What about when you up the pace?
It’s cracking, so good that’s easy to forget you’re not in a coupe. The ride that was a little fidgety in town frees up with speed, to meld impressive compliance with exceptional control. The steering has a chunky, pacey and precise feel that keeps it integrity even when you really lean on the chassis through tight turns, and the balance maintains a 911’s delicacy.
There’s a wider track, bigger tyres, and the extent to which you can now lean on the front end going in to corners and get on the power early out of them is pretty outrageous, but you can still play with understeer and oversteer and the lovely bit of rotation that happens when you back off just after the former and before you go hooligan-spec with the latter. It feels nimble and adjustable, but also composed and secure. Neat trick. We got the standard brakes smelling a bit on a hairpin-littered run, but the pedal kept its pressure and bite. The car stopped well.
Back in and out of the throttle on a twisty road and the turbo character of the 444bhp 3.0-litre flat six really bubbles to the surface too, with purposeful – if far from OTT – exhalations and whooshes that the open-top model only emphasizes (and are rarely present in normal driving). It has a gruffer turbo edge than the old 3.8 naturally aspirated motors, sure, a fraction of lag too, but this is a great engine, with good response, a muscular mid-range that the 3.8 couldn’t match, and a bandwidth that still encourages you to reach for the high notes. No longer can you say you’d be better off with a Boxster – there’s a big gulf now between this and the 718 Boxster’s four-cylinder turbo.
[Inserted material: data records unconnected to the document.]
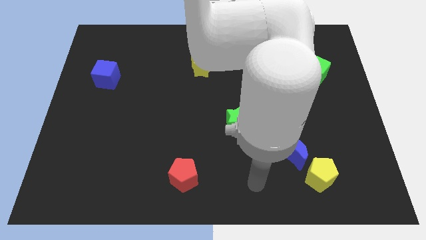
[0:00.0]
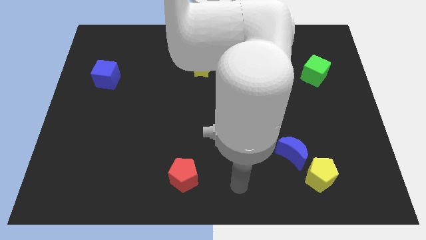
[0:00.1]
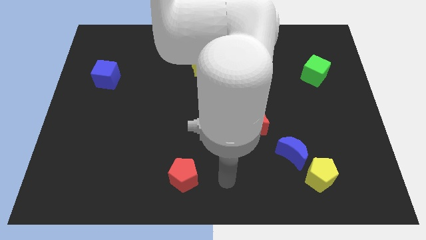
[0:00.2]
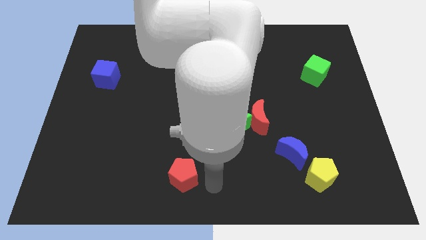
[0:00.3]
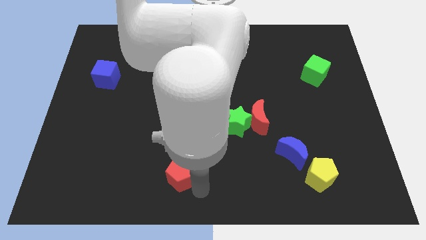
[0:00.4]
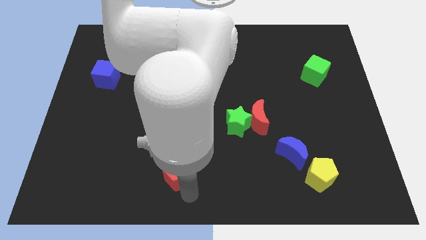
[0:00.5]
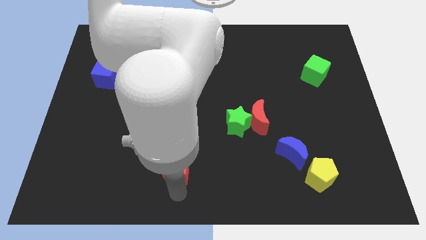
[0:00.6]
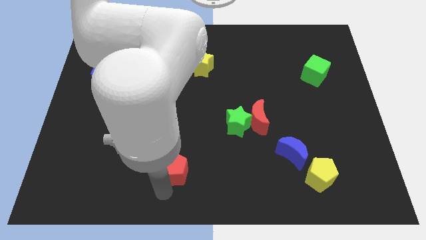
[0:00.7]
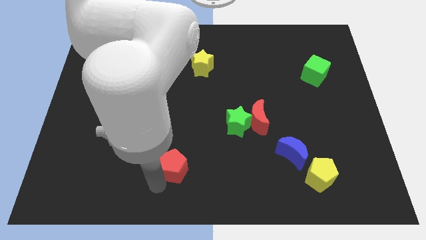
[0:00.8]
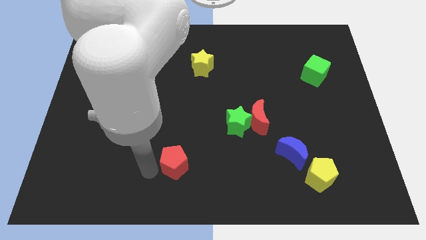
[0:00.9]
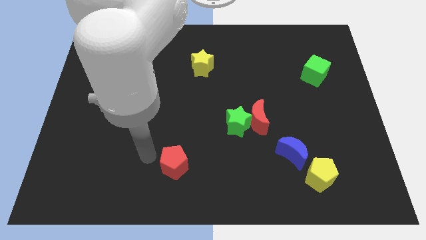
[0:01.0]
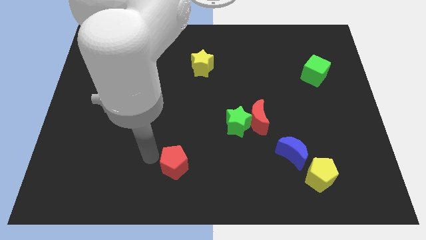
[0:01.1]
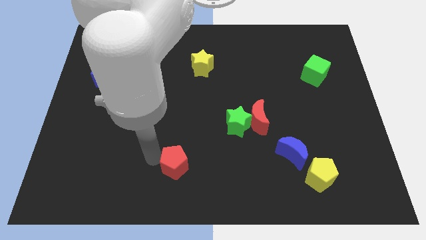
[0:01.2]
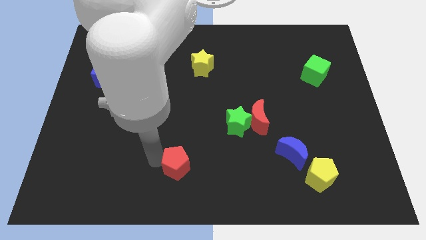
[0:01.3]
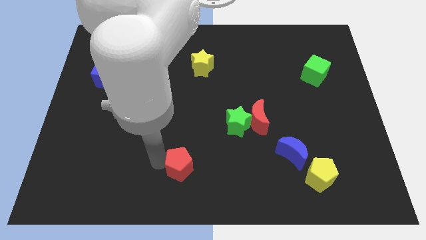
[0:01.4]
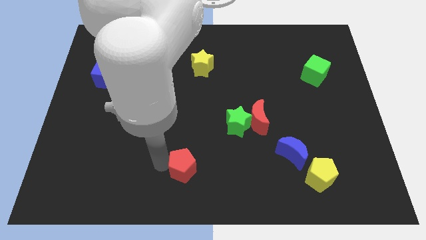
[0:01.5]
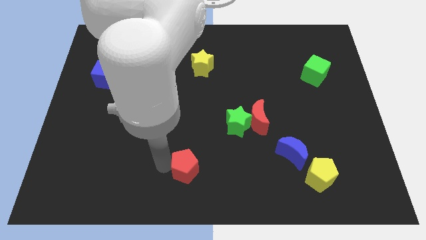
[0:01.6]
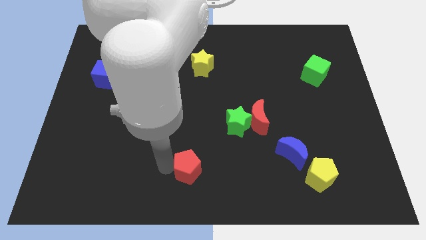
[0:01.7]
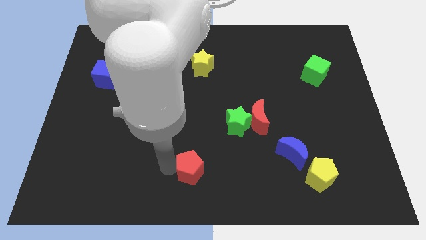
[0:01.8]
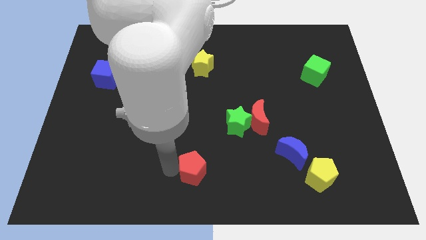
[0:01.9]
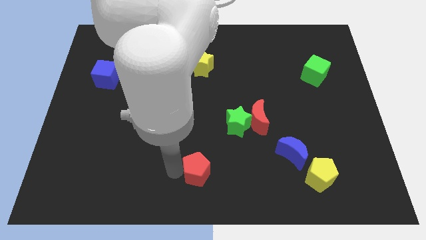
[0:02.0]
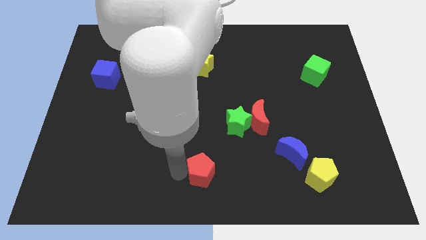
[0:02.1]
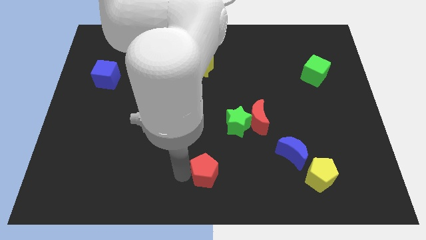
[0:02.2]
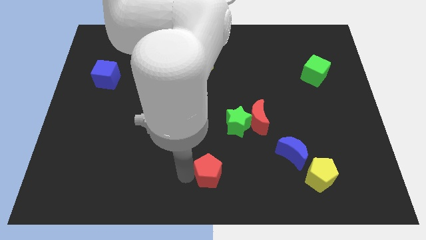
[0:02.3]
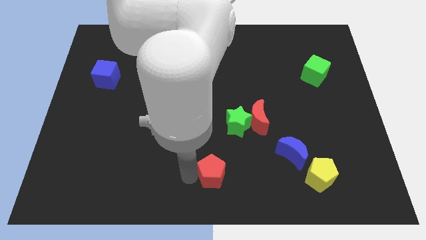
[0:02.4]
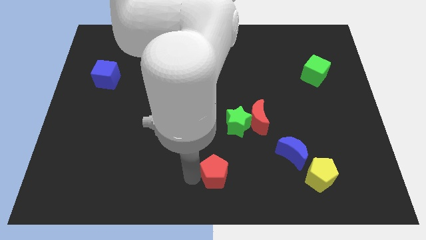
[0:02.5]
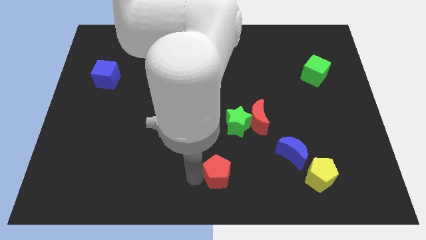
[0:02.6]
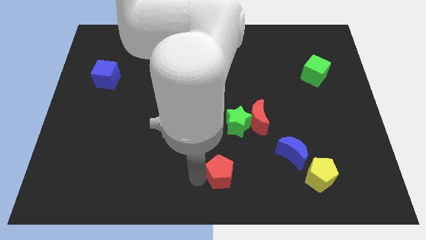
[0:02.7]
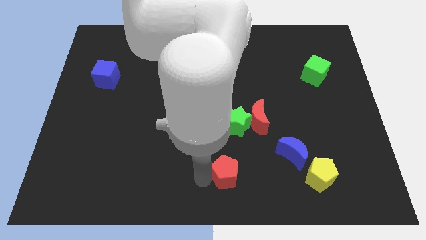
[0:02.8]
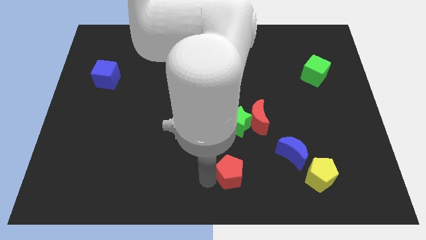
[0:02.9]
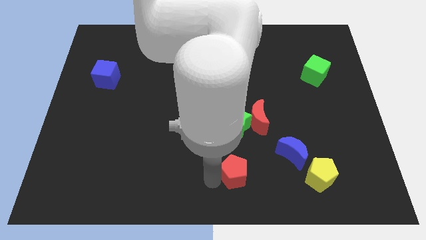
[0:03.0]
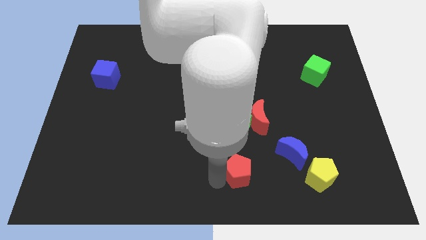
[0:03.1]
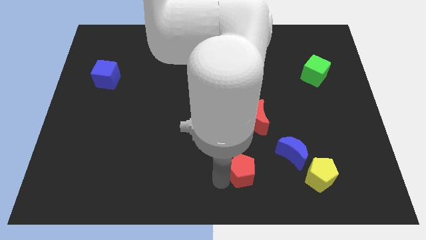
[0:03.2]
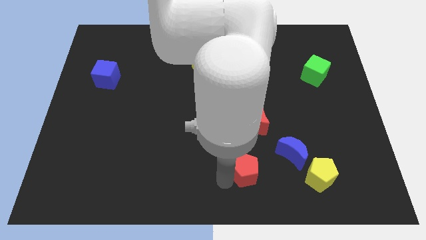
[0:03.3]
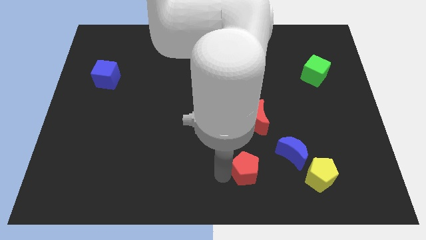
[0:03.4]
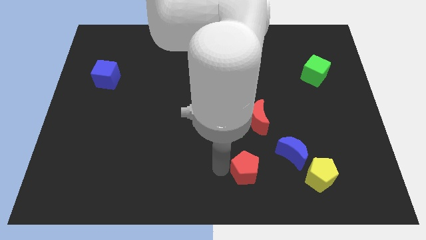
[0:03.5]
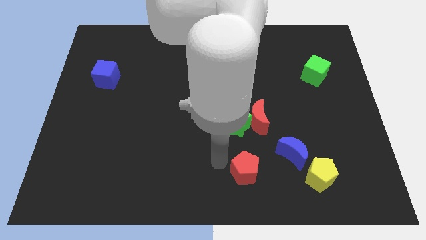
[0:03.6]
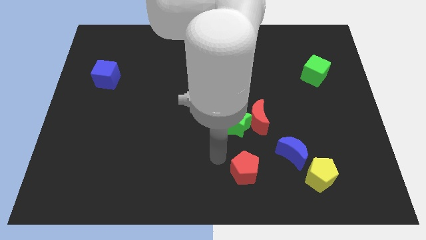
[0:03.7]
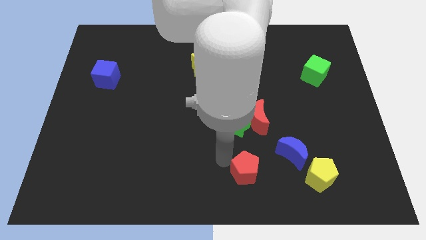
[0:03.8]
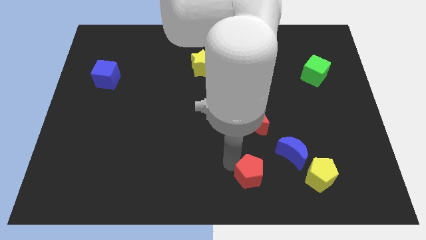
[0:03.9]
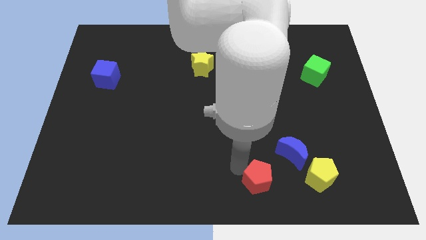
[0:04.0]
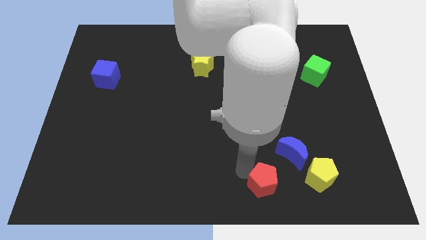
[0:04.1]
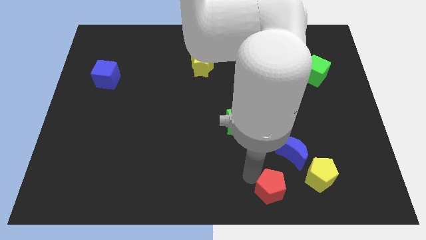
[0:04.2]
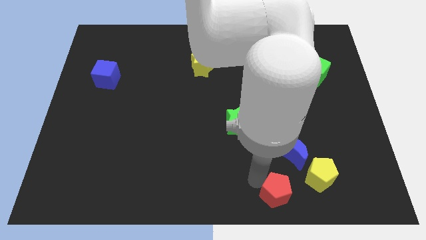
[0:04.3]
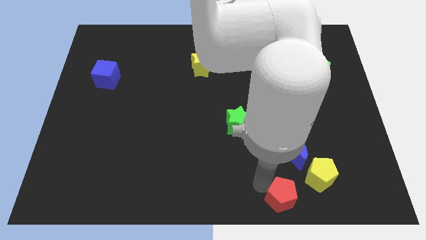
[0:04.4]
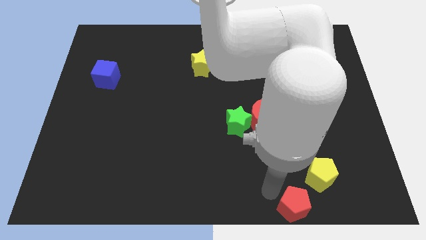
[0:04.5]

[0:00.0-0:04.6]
slide the red pentagon right

Paired with the excellent PDK gearbox, the 911 effortlessly quick yet never feels unrewarding.
Did you get in a 4S?
Yes. It’s highly enjoyable to drive, but its steering isn’t quite as fluid (the front wheels are driven, remember, which tugs at it somewhat), there’s a slightly bulkier feel generally, and the extra traction, while impressive, again isn’t quite as fluid as a 2S on a mission. For snowier climes, go for it, but the rest of us need no more than a 2S.
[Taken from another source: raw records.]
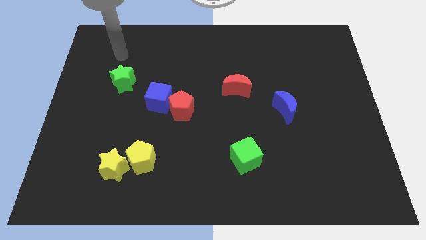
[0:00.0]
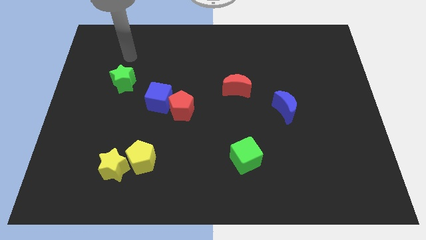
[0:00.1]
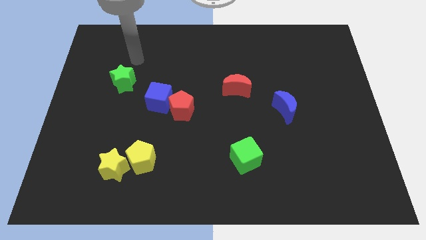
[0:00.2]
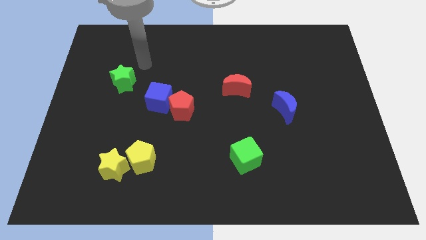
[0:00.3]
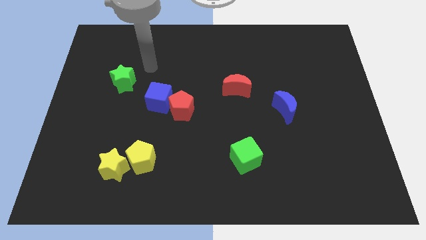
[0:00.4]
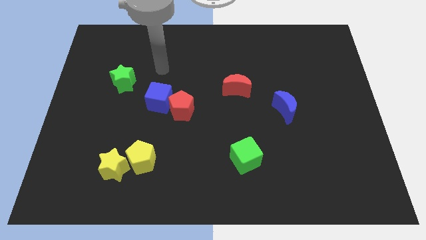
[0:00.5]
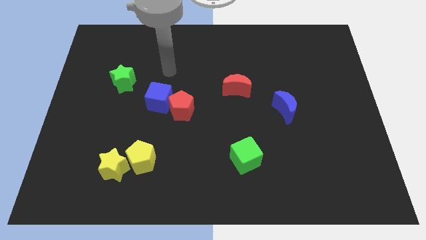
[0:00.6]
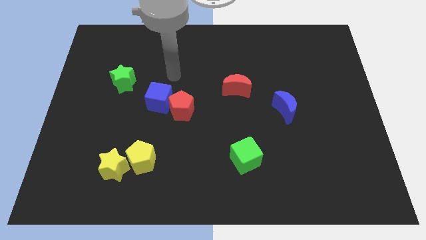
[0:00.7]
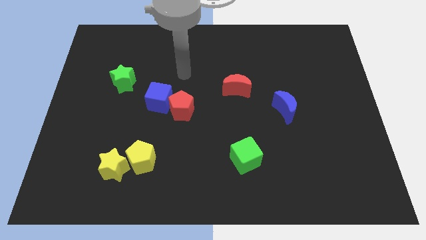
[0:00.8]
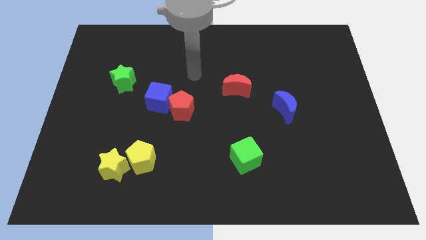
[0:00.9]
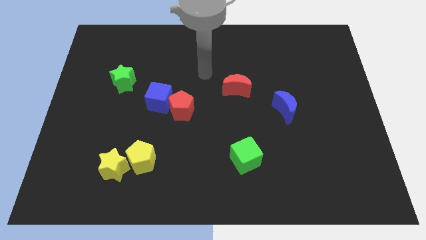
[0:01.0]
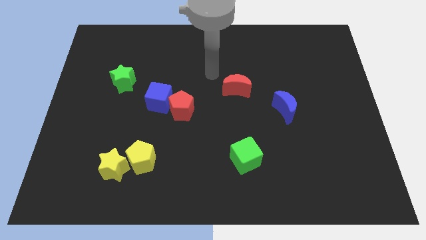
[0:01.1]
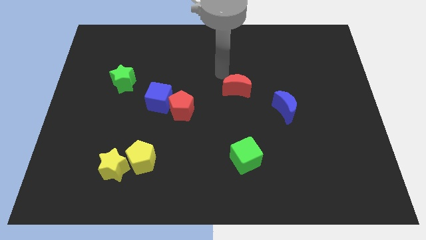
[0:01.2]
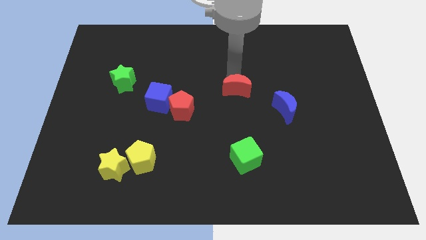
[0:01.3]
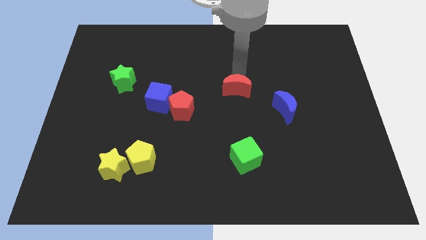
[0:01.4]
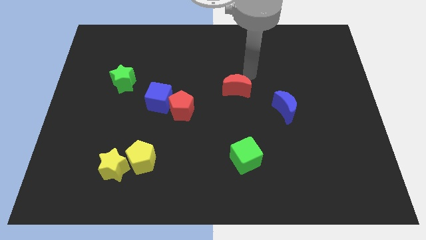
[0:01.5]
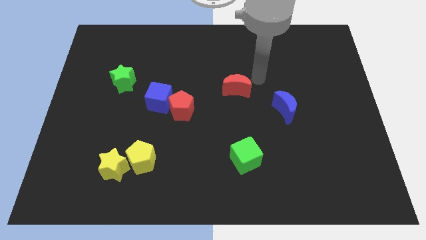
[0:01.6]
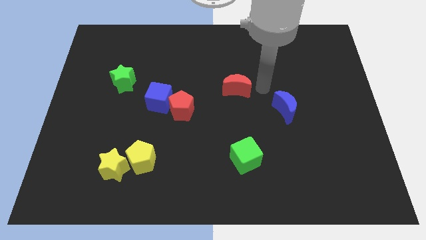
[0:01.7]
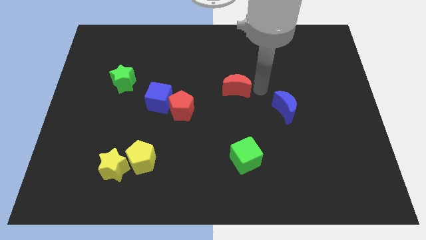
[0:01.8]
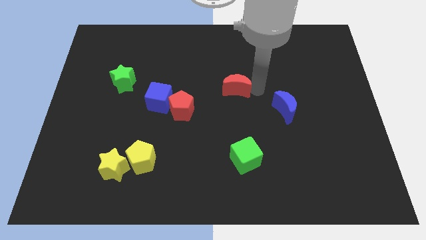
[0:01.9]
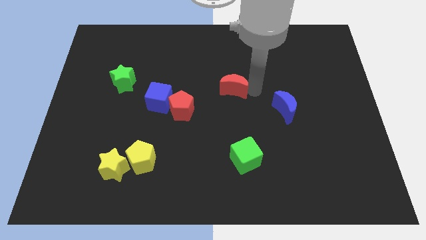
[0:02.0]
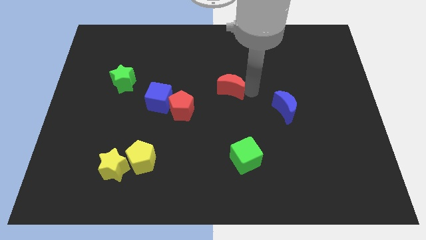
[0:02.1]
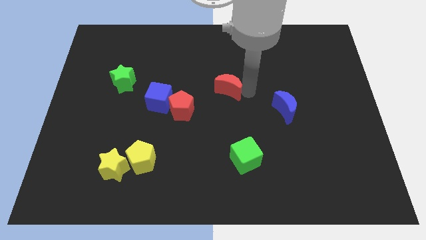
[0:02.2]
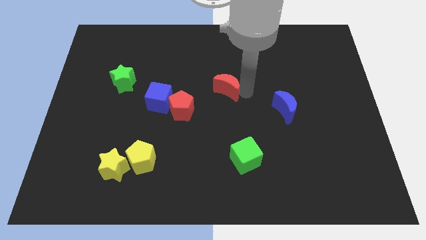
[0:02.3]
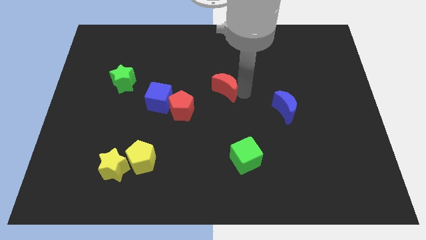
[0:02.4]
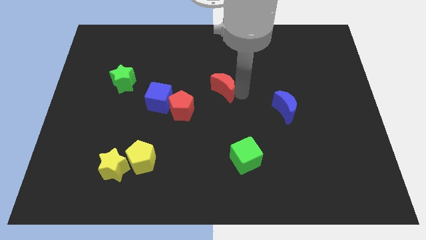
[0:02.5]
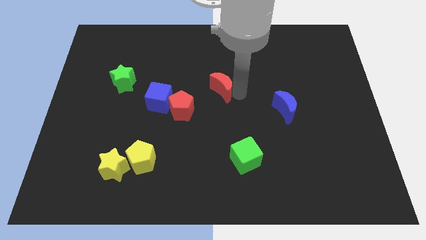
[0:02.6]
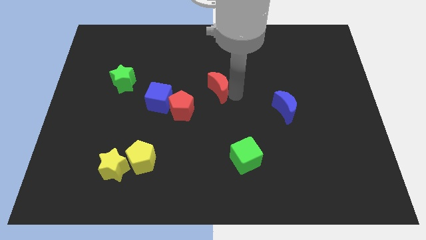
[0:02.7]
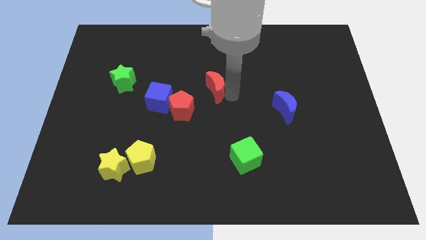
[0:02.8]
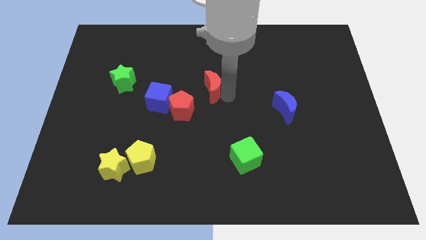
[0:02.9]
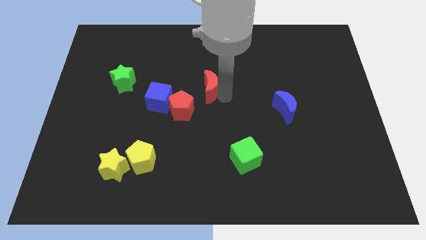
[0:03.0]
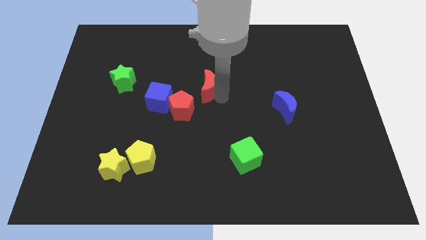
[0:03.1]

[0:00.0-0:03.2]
slightly push the red moon to the left

Does the fabric roof do the business?
It does. The roof looks taut and crisp both inside and out of the car, and even the extra shutlines required for the tonneau cover that lifts up to swallow the roof don’t really spoil the lines.
The mechanism motors back very quietly and as fast as Porsche promises, and you feel in the eye of the storm inside the cabin – surrounded by the elements, yes, but never battered by them.
Roof up, there’s generous headroom for taller drivers, but there’s still more bluster than you’d experience in a coupe, despite the fabric roof’s extra insulation. It’s not bad by any means, and it’s worth noting that we drove in very windy conditions, but it’s noise levels in the cabin that reinforce that you’re in a cabriolet where the dynamics don’t feel at all compromised.
You also lose a little rear visibility over a coupe – while it’s not a deal-breaker, it is noticeable. A reversing camera is standard too.
Porsche 911 Cabriolet (992): verdict
The extra cost, increased cabin noise and reduced rear visibility of the cabriolet would steer this particular writer towards a coupe, but if your heart is set on an open-top 911 there’s no other reason not to take the plunge. It drives exceptionally well, and feels composed even when worked hard over a highly demanding road.
Plus you can drop the roof, enjoy the sun and revel in the flat-six soundtrack. It even does all the practical stuff a 911 always does, with plus-two rear seats and, of course, unaltered boot space. In fact, the cabriolet is arguably the more versatile 911. It’s come a long way since 1982.